## Records excerpted from a collection
----
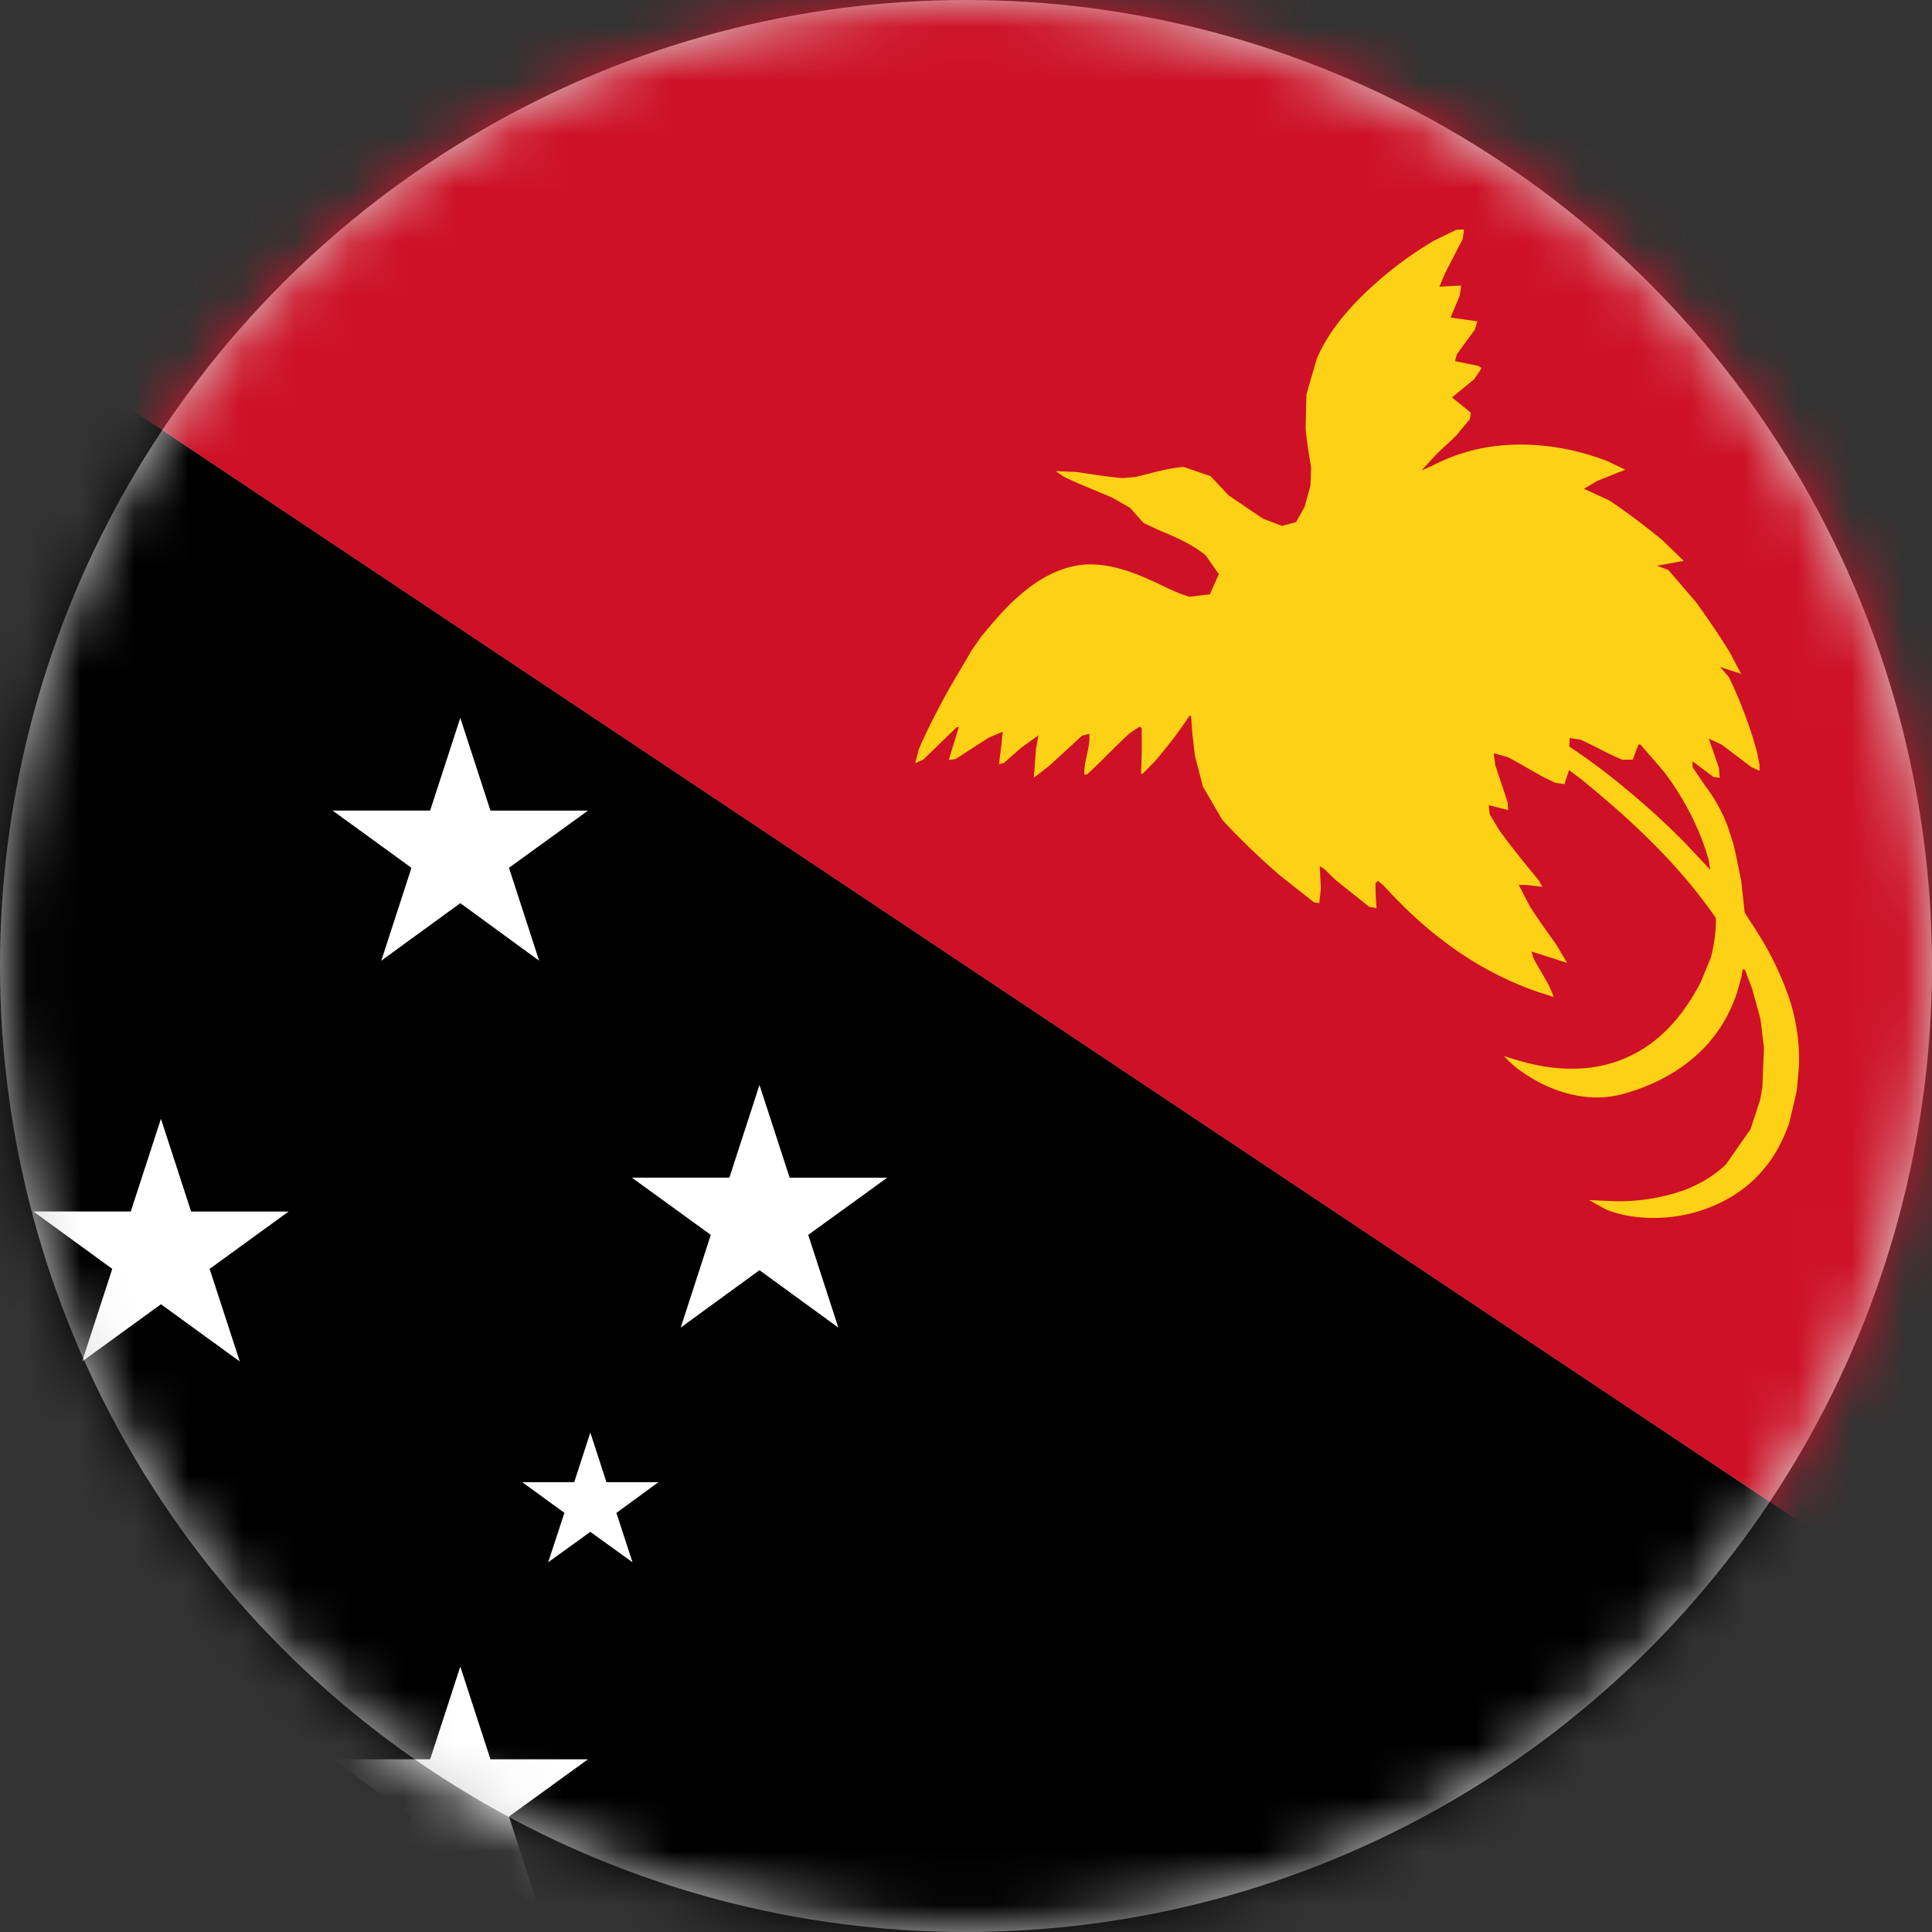 <svg width="36" height="36" viewBox="0 0 36 36" xmlns="http://www.w3.org/2000/svg" xmlns:xlink="http://www.w3.org/1999/xlink">
    <rect x="0" y="0" width="36" height="36" fill="#333333" stroke="none"/>
    <defs>
        <circle id="lt4din5cca" cx="18" cy="18" r="18"/>
    </defs>
    <g fill="none" fill-rule="evenodd">
        <mask id="whiezub9db" fill="#fff">
            <use xlink:href="#lt4din5cca"/>
        </mask>
        <use fill="#D8D8D8" xlink:href="#lt4din5cca"/>
        <g mask="url(#whiezub9db)">
            <path fill="#CE1126" d="m-9 0 54.001 36V0z"/>
            <path fill="#000" d="M-9 0v36h54.001z"/>
            <path fill="#FFF" d="m8.577 13.377.562 1.728h1.817L9.484 16.17l.562 1.731-1.469-1.072-1.472 1.072.562-1.73-1.469-1.067h1.817zM8.015 32.782H6.198l1.47 1.066-.563 1.728 1.472-1.07 1.466 1.07-.559-1.728 1.472-1.066H9.139l-.562-1.728zM2.999 20.847l.562 1.728h1.817l-1.472 1.069.562 1.725-1.469-1.066-1.469 1.066.562-1.725-1.47-1.07h1.815zM14.152 20.217l.562 1.728h1.817L15.06 23.01l.561 1.728-1.469-1.07-1.468 1.07.561-1.728-1.471-1.066h1.817zM10.7 27.618h-.969l.786.572-.302.92.785-.566.786.567-.3-.92.783-.573H11.3l-.3-.924z"/>
            <path d="M31.386 15.694c-.383-.389-.788-.75-1.21-1.094a12.044 12.044 0 0 0-.933-.688l.005-.16.2.03c.264.116.516.267.783.375l.192-.002.11-.286.04.01.43.497c.37.492.664 1.045.834 1.64l.033.193-.484-.515zm1.955 2.916-.043-.122a5.754 5.754 0 0 0-.594-1.18l-.194-.302-.065-.594-.114-.554-.035-.143-.1-.31a2.984 2.984 0 0 0-.423-.764l-.233-.343-.005-.114.391.292.117.016-.014-.186-.189-.543.238.11.559.422.15.068-.002-.12-.051-.253-.078-.265a8.615 8.615 0 0 0-.438-1.104l-.165-.192.39.127-.209-.397c-.197-.32-.41-.634-.632-.94l-.515-.599-.21-.078.496-.092-.394-.383c-.319-.26-.648-.513-.994-.743l-.47-.216.246-.146.524-.21-.34-.162c-.71-.273-1.494-.378-2.247-.254a3.494 3.494 0 0 0-1.007.34l-.202.09.288-.314.343-.321.27-.321.017-.12-.351-.285.413-.338.137-.205-.054-.043-.44-.09.033-.126.334-.457.05-.159-.5-.07.172-.41.025-.187-.405.022.105-.249.33-.642.024-.176-.143.006-.414.202a6.93 6.93 0 0 0-1.468 1.158c-.292.308-.557.657-.721 1.05l-.19.657-.016.629c.02.248.063.494.103.74l-.013.332-.108.394-.16.286-.262.07-.359-.137-.634-.43-.338-.359-.5-.172c-.31.021-.61.121-.912.189l-.232.018c-.289-.021-.573-.075-.859-.113l-.38-.016.14.1c.297.146.607.262.91.394l.332.189.254.284.27.126c.308.13.624.26.885.476l.246.35-.167.376-.378.046c-.246-.068-.467-.195-.7-.297-.38-.173-.79-.321-1.217-.305-.48.024-.918.278-1.27.594-.256.221-.472.483-.69.742l-.184.265-.421.718c-.203.367-.397.74-.562 1.12l-.07.265.151-.067.621-.602.043-.006-.189.616.13-.02.607-.393.27-.116-.024.232-.046.372.092-.021.321-.284.322-.232-.046.254-.04.537.283-.218.615-.565.135-.035c.025.26-.105.502-.092.759h.046c.278-.249.524-.521.8-.77l.183-.124.04.024v.522l-.013.332.038-.006.23-.235c.226-.267.442-.542.634-.837l.03-.002.027.353.046.395.148.57.362.623c.335.362.694.705 1.066 1.029l.64.505.1.018.03-.261-.019-.43.092.062.2.195.626.5.138.026-.016-.264-.003-.203.049-.043.102.09c.33.358.686.704 1.075 1 .529.411 1.126.743 1.758.967l.337.108c-.09-.261-.251-.48-.378-.723l-.035-.124.664.213-.202-.34c-.17-.238-.34-.475-.497-.721l-.203-.392h.149l.291.035-.062-.113c-.248-.305-.502-.61-.734-.932l-.184-.302-.019-.175.362.091-.013-.154-.227-.68-.03-.224.257.07c.302.154.583.346.893.48l.168.025.086-.262.235.178c.932.76 1.817 1.585 2.5 2.579.008.246-.032.489-.089.726l-.189.462c-.221.435-.524.845-.918 1.14a2.412 2.412 0 0 1-1.377.477c-.47.022-.934-.083-1.374-.235.183.214.426.368.67.5.459.235.999.348 1.506.219.621-.16 1.215-.478 1.642-.967.237-.275.416-.597.526-.94l.079-.283.024-.143.043.008.135.359.154.559.065.54-.03.729-.04.232-.181.554-.457.653c-.21.205-.467.354-.734.464a3.63 3.63 0 0 1-1.366.222l-.451-.02.318.176c.376.149.792.181 1.194.14a2.801 2.801 0 0 0 1.115-.364c.267-.154.5-.361.686-.602.186-.235.318-.507.418-.79l.138-.592.043-.465a3.667 3.667 0 0 0-.18-1.255z" fill="#FDD116"/>
        </g>
    </g>
</svg>
----
## WORK REQUIRED
Work out how many lines of the preceding data contain the word "href". Reply with that number only.

## RESPONSE TO THE TASK
2